Maybe the US could simply make a bunch of fake Russian accounts to influence
the 2018 Russian election or something too.

------
oldandtired
Elections are about influencing the population to vote in a particular way. It
is quite strange that the sections of the US population who supported Senator
Hillary Clinton are up in arms over the influences undertaken by various
foreign governments, foreign corporations and others.

Especially in the light of how often the US government in the past (as well as
US corporations and others) made huge efforts to influence the elections of
other countries.

I watched your election over the many months that it took to play out and I
mostly shook my head. The corruption on both sides, the basic lack of
exhibited critical thinking on behalf of the majority of the voting
population. You had a bigger choice than just Clinton and Trump, but
everything was about those two.

You have a bigger choice than Republican and Democrat and yet all the news was
about those two. The aftermath was a shmozzle with various sections declaring
that your new president was no president of theirs. Strangely enough, I
thought a couple of the presidential alternatives were more likely to be
better presidents for your nation. Of course, that is only an outsider's
opinion and they could have been much worse.

But, you won't know now. In discussions here, I noted that both of the leading
candidates were a very bad fit for the health of the US. History is telling me
now that I wasn't too far off from the reality that is being experienced.

We are about to undergo a national plebiscite over a matter here.
Interestingly enough, even if the vote comes back "No", it will mean nothing
by this time next year. No matter what parliamentary system you have, as long
as the it is fully independent of the voting population, then the voting
population has no say in what is brought up as legislation and law.

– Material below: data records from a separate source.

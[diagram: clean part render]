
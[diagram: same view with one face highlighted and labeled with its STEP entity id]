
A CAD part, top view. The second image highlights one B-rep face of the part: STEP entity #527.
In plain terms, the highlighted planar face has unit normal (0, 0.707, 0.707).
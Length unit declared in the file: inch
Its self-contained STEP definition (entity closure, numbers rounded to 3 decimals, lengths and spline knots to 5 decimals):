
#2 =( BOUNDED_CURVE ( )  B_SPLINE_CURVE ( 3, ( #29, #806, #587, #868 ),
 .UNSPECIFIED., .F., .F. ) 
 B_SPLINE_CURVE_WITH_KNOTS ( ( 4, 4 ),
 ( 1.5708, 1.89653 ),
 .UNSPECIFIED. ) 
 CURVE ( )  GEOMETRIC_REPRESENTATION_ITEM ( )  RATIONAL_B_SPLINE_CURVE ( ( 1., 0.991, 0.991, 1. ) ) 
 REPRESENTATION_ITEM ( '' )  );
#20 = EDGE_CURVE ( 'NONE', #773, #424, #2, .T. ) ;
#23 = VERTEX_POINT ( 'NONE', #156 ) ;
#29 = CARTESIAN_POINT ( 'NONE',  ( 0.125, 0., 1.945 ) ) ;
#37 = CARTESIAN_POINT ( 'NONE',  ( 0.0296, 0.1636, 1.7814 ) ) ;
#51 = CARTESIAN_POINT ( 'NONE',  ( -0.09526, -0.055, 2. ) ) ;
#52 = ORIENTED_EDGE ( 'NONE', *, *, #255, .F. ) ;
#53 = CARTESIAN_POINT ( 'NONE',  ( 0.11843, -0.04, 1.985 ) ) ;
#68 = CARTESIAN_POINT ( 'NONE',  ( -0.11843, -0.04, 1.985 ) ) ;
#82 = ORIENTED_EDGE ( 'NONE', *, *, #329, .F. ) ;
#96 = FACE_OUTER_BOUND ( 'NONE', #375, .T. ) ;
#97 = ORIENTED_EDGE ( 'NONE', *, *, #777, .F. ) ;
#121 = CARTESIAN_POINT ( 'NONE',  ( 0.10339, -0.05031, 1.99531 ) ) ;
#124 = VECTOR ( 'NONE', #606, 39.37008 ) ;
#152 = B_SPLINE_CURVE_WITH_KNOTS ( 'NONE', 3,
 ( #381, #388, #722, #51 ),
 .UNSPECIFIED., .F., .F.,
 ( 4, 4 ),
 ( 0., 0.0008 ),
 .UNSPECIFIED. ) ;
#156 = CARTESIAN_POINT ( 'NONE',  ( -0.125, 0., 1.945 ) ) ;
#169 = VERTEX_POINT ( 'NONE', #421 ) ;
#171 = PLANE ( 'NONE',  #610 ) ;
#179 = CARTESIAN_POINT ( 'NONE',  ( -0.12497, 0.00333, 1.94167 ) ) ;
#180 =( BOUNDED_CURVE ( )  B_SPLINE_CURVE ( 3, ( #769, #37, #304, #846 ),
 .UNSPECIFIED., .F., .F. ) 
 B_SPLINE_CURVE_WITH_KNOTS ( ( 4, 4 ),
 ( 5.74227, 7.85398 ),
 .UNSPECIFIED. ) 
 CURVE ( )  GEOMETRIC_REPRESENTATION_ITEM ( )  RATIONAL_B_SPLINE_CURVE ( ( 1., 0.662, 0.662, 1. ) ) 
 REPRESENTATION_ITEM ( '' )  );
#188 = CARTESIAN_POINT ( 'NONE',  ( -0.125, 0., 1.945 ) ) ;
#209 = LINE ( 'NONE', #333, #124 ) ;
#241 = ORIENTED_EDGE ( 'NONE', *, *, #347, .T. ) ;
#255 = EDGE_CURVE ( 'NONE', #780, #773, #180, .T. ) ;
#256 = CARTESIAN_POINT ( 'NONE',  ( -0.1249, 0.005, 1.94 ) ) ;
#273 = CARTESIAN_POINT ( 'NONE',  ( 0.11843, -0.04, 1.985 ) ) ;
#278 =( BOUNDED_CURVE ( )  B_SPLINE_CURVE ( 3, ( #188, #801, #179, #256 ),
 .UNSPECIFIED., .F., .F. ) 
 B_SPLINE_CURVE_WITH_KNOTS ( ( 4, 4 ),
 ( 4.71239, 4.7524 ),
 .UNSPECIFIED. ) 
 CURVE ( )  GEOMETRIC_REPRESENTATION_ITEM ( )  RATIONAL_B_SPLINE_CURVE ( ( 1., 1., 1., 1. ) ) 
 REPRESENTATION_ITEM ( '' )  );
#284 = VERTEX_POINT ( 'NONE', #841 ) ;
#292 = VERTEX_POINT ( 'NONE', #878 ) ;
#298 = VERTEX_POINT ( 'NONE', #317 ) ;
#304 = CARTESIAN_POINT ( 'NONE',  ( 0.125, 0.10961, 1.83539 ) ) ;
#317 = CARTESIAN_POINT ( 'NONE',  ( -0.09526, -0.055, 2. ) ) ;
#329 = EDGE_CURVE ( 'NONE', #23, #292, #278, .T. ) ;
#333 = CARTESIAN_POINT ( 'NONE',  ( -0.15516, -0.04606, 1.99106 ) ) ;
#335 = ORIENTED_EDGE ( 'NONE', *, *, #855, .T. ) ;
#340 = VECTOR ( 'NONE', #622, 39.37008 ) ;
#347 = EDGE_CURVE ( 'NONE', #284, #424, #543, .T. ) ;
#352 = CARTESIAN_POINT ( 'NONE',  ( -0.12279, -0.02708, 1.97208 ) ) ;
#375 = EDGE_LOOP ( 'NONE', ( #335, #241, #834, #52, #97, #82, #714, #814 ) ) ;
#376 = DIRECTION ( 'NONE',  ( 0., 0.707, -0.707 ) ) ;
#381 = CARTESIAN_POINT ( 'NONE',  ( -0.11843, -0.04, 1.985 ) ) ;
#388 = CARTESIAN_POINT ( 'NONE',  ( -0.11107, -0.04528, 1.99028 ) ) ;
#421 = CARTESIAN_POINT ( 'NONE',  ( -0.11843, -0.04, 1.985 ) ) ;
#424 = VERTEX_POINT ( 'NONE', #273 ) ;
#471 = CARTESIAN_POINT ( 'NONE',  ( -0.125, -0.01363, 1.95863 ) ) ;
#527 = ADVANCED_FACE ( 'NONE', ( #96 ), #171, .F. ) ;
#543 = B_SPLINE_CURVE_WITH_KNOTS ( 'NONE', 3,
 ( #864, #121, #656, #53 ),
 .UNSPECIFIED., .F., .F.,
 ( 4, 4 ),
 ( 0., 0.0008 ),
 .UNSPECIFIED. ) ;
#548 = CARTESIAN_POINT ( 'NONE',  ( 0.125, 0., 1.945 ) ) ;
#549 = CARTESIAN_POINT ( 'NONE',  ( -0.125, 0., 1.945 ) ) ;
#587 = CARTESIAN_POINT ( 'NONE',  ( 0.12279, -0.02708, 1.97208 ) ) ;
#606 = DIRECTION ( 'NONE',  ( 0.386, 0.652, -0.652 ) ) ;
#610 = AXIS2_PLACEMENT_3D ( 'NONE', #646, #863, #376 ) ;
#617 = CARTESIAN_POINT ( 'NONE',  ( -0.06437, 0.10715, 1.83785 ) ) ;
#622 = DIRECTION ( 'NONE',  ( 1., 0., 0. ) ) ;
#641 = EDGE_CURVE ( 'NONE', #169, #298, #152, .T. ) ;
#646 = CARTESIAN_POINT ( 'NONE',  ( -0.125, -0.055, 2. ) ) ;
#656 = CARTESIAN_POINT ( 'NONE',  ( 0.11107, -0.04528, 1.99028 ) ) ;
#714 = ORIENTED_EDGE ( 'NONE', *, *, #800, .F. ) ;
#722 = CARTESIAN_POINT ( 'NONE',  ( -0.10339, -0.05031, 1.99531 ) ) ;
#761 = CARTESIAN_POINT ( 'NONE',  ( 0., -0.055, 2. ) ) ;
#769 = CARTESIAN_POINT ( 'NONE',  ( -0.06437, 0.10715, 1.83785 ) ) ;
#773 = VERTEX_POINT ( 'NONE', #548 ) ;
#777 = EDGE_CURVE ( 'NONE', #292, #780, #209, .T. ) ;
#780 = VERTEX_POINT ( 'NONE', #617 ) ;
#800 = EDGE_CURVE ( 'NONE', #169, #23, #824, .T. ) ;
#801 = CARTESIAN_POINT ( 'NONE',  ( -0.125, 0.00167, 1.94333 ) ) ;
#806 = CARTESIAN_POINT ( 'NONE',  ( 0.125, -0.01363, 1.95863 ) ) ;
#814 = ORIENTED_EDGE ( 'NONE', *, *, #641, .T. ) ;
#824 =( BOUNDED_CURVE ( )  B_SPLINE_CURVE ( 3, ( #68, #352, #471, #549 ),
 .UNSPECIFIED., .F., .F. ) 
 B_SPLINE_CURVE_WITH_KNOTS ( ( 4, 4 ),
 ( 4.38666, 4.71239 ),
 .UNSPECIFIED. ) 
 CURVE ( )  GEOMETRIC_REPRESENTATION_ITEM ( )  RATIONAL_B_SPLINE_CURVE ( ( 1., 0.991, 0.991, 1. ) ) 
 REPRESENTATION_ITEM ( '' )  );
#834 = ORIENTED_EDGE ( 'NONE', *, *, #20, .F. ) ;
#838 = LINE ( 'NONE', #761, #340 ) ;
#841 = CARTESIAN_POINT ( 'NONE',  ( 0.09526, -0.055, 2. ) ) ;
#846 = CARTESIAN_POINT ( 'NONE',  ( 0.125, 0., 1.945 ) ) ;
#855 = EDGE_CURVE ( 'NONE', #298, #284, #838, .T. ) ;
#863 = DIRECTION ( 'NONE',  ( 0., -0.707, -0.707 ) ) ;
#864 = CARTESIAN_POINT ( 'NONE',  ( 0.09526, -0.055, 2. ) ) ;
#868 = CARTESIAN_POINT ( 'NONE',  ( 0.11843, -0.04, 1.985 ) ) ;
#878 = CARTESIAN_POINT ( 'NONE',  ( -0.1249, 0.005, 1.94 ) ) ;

How often, do I see studies by non-partisan groups in your own country
highlighting that you are a nation of felons and the vast majority of you have
no clue of this legal status, simply because your various legislatures (state
and federal) have created so much law that works against the citizens of your
nation.

You should be more concerned over the current politicians and who actually
owns them than ever be concerned over what some foreign government does during
a quite inconsequential presidential election. Presidents come and go, you
only have them for a maximum period of 8 years. But your bought and paid for
representatives and senators at both state and federal level can be there for
many decades.

You have such a treasure in your constitution but you don't actually value it
as such. So much lip service given to it but you allow you governments and
associated law enforcement and courts to trample it into the ground. Just the
concept of "Jury Nullification" which is, by all appearances, anathema to the
courts, is such an incredible freedom for you.

You have so much, but you have allowed it to be corrupted to the point of
uselessness.